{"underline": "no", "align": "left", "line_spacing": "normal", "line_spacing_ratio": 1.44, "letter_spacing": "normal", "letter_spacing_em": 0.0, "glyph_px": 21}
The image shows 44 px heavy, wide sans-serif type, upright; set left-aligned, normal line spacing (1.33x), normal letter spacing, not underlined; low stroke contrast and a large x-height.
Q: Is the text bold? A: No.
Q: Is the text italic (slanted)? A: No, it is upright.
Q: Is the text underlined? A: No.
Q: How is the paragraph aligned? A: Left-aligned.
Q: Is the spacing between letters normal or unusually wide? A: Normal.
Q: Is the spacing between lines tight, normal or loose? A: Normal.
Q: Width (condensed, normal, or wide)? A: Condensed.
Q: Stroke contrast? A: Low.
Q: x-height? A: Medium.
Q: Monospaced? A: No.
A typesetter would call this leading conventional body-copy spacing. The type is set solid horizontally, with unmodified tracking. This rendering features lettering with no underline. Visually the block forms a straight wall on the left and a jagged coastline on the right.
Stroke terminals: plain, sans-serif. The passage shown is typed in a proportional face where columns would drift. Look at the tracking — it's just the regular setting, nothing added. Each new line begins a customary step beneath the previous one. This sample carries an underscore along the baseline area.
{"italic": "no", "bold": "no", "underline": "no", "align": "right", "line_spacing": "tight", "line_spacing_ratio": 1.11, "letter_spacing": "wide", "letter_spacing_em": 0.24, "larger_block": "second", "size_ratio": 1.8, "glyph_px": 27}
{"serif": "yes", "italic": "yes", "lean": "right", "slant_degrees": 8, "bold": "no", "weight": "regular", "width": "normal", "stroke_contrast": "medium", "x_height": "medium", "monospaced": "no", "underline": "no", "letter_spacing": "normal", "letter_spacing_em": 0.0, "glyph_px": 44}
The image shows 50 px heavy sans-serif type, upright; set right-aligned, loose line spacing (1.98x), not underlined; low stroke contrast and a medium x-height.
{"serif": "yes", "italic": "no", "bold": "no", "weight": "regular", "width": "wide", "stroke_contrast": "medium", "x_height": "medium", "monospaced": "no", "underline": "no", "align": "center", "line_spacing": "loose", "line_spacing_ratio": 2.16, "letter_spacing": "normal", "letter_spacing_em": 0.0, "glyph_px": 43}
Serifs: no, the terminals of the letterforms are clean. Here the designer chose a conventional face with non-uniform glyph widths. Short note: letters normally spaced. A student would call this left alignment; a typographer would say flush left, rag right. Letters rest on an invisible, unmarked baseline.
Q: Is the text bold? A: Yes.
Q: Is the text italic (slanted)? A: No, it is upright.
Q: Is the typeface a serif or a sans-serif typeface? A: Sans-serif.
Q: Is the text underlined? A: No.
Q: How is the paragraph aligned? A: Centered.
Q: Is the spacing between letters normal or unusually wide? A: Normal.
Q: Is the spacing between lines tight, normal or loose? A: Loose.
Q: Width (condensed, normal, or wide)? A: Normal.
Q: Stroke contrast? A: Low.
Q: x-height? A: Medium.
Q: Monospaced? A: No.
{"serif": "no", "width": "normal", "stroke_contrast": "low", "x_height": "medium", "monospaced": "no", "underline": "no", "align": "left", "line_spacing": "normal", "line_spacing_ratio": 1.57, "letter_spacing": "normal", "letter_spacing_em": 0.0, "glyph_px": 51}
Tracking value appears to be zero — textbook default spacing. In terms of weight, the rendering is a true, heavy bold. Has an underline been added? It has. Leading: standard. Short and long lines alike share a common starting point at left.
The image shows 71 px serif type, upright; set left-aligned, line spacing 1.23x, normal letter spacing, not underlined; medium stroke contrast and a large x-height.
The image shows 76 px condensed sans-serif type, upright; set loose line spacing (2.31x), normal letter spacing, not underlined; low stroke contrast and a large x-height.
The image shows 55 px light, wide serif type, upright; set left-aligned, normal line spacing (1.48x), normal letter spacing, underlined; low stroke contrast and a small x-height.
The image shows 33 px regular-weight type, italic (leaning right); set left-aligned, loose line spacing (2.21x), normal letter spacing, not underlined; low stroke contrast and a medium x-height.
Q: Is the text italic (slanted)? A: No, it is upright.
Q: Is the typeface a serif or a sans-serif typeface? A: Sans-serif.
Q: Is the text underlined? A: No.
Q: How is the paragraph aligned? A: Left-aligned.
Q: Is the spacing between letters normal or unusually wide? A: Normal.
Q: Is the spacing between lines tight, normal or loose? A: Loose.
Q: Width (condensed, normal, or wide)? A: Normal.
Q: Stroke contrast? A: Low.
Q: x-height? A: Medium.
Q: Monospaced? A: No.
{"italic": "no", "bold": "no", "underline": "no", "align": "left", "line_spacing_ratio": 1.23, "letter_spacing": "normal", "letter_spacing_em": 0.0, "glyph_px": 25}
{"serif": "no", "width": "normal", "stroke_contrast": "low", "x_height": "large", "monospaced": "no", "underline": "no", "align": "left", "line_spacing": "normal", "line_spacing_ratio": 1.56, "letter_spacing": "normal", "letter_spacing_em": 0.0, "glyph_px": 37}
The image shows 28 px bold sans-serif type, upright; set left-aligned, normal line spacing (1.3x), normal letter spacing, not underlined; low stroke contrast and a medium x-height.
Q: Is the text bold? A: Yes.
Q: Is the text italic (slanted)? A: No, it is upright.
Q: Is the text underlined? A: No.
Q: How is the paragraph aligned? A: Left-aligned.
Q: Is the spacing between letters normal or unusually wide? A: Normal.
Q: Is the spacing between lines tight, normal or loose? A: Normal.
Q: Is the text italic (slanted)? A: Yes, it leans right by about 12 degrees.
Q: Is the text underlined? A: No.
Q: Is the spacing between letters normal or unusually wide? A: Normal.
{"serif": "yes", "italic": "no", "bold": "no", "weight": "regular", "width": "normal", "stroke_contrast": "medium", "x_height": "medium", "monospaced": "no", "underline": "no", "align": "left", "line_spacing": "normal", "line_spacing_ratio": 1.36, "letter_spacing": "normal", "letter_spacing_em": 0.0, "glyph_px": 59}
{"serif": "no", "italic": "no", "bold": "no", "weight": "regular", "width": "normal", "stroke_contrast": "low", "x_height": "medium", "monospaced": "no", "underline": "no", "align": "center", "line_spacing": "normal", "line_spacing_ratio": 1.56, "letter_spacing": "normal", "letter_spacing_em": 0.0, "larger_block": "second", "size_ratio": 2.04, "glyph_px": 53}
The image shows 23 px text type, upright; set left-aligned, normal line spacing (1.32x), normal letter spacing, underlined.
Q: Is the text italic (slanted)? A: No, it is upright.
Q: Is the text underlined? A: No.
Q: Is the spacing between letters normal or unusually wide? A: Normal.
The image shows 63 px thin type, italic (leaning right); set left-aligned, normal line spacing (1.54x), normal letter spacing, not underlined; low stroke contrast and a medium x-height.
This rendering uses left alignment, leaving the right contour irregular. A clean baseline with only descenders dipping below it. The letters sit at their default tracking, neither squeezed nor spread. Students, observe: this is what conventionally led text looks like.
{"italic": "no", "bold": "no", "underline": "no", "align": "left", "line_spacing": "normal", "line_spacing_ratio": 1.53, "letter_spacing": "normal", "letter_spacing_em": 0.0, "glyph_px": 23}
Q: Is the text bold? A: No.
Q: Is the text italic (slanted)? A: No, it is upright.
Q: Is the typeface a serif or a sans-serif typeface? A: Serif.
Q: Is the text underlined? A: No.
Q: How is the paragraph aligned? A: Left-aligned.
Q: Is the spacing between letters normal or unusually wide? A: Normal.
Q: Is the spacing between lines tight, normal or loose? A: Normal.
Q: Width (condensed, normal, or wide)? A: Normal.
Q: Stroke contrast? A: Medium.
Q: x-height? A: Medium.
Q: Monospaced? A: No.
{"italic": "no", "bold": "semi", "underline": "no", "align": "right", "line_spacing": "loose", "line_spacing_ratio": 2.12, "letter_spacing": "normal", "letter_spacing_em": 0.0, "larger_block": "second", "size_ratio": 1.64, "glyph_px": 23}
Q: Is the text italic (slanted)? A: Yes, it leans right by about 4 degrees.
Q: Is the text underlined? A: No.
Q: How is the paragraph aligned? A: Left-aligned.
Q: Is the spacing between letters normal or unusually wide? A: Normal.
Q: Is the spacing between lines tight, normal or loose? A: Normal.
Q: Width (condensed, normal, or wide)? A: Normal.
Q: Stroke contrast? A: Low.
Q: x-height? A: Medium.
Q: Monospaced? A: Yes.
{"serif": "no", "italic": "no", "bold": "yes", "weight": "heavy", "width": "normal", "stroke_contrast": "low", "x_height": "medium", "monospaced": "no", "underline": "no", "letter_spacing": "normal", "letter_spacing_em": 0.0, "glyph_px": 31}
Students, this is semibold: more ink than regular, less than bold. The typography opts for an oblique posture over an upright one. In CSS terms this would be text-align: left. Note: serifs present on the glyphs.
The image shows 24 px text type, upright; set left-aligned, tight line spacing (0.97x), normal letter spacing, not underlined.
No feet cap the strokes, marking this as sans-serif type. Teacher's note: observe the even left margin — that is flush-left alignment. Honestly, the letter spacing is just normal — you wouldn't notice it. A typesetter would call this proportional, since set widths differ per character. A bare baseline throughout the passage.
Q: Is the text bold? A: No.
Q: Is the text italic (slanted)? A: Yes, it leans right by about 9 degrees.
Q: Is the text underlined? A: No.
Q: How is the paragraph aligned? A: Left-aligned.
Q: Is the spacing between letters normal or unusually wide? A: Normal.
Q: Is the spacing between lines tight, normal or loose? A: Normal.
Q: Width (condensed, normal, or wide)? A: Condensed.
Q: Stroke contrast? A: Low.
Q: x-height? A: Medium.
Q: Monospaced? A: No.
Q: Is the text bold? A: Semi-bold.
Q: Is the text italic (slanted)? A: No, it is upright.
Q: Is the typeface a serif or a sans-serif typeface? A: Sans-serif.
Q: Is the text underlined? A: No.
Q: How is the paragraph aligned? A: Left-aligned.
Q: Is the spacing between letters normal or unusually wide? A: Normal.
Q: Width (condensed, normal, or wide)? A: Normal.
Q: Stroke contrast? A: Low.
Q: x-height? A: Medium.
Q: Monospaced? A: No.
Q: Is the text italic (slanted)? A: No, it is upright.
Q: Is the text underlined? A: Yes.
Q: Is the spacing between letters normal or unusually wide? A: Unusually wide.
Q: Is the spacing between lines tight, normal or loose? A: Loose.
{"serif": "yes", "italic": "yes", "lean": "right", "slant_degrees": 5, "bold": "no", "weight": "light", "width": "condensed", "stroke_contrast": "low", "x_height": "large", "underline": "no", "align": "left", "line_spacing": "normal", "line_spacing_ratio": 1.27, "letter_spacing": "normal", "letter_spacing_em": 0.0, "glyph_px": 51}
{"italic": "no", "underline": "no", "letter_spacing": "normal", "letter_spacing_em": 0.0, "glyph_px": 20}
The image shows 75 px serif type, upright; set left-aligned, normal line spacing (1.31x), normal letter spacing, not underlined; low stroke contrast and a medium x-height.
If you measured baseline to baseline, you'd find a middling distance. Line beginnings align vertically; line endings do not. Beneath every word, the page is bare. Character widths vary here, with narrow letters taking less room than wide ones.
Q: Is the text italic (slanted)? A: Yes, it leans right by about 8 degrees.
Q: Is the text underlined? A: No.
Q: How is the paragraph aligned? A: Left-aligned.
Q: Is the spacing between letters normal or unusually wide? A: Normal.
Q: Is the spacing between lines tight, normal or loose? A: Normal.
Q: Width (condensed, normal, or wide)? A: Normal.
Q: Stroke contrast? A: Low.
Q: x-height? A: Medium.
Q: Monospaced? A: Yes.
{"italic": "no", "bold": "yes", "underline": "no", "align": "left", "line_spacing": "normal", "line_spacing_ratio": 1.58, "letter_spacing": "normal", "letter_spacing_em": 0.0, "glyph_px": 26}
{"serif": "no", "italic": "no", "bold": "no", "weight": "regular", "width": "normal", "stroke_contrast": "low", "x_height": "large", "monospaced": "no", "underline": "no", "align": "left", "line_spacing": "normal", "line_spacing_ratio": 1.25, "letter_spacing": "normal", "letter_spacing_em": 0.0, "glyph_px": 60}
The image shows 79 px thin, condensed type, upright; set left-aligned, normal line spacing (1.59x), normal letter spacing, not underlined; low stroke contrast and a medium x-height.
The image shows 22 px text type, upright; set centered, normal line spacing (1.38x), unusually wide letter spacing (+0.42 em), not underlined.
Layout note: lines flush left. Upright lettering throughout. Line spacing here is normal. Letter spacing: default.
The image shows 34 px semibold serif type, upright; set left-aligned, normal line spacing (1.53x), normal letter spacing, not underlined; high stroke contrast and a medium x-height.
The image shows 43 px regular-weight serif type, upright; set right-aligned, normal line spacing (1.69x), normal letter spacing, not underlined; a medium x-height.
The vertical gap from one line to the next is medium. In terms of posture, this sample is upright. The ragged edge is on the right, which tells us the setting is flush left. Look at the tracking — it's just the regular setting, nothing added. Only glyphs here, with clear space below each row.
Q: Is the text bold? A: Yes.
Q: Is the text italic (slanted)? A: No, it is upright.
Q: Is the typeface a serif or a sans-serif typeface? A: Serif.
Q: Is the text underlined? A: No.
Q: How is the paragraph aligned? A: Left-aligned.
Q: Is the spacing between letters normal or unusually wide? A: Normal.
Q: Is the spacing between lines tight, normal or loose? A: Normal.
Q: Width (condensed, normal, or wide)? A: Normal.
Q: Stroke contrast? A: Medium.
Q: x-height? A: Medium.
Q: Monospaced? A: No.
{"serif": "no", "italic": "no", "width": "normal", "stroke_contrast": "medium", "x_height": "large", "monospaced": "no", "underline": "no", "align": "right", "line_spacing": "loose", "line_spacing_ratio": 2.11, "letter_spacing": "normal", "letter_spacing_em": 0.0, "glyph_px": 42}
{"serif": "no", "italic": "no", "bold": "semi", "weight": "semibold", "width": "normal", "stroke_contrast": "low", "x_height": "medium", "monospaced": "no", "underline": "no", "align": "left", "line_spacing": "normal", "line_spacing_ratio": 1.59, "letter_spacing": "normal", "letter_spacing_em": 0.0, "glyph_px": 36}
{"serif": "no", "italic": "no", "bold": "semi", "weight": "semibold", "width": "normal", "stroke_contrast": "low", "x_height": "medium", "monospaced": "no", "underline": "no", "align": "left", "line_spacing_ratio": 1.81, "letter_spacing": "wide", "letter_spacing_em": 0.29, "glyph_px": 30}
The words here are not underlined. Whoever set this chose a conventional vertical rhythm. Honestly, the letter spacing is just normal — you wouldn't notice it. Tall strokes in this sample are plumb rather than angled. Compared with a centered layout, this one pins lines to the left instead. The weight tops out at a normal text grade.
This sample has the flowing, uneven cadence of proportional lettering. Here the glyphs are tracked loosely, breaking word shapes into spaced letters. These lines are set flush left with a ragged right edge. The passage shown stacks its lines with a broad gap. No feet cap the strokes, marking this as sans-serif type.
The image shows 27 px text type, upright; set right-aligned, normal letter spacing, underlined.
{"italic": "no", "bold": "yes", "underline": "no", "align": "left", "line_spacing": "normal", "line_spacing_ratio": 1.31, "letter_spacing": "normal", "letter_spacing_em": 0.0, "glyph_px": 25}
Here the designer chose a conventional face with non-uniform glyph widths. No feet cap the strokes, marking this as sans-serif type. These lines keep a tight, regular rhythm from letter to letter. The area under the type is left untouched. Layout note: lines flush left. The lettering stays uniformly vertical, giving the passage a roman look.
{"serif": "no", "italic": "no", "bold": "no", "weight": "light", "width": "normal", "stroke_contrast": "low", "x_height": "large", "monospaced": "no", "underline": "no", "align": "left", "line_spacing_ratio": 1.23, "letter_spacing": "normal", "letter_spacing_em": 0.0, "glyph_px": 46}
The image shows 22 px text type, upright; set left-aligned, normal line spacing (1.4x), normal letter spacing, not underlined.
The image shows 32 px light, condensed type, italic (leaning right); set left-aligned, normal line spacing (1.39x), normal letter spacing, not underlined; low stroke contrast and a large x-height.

_ _ _ _ _

▶ [Exercise brief]
Only lines that contain the string "from" count; pick each one out of the records and copy it.

▶ [Answer to this task]
The vertical gap from one line to the next is medium. In terms of posture, this sample is upright. The ragged edge is on the right, which tells us the setting is flush left. Look at the tracking — it's just the regular setting, nothing added. Only glyphs here, with clear space below each row.
Here the designer chose a conventional face with non-uniform glyph widths. No feet cap the strokes, marking this as sans-serif type. These lines keep a tight, regular rhythm from letter to letter. The area under the type is left untouched. Layout note: lines flush left. The lettering stays uniformly vertical, giving the passage a roman look.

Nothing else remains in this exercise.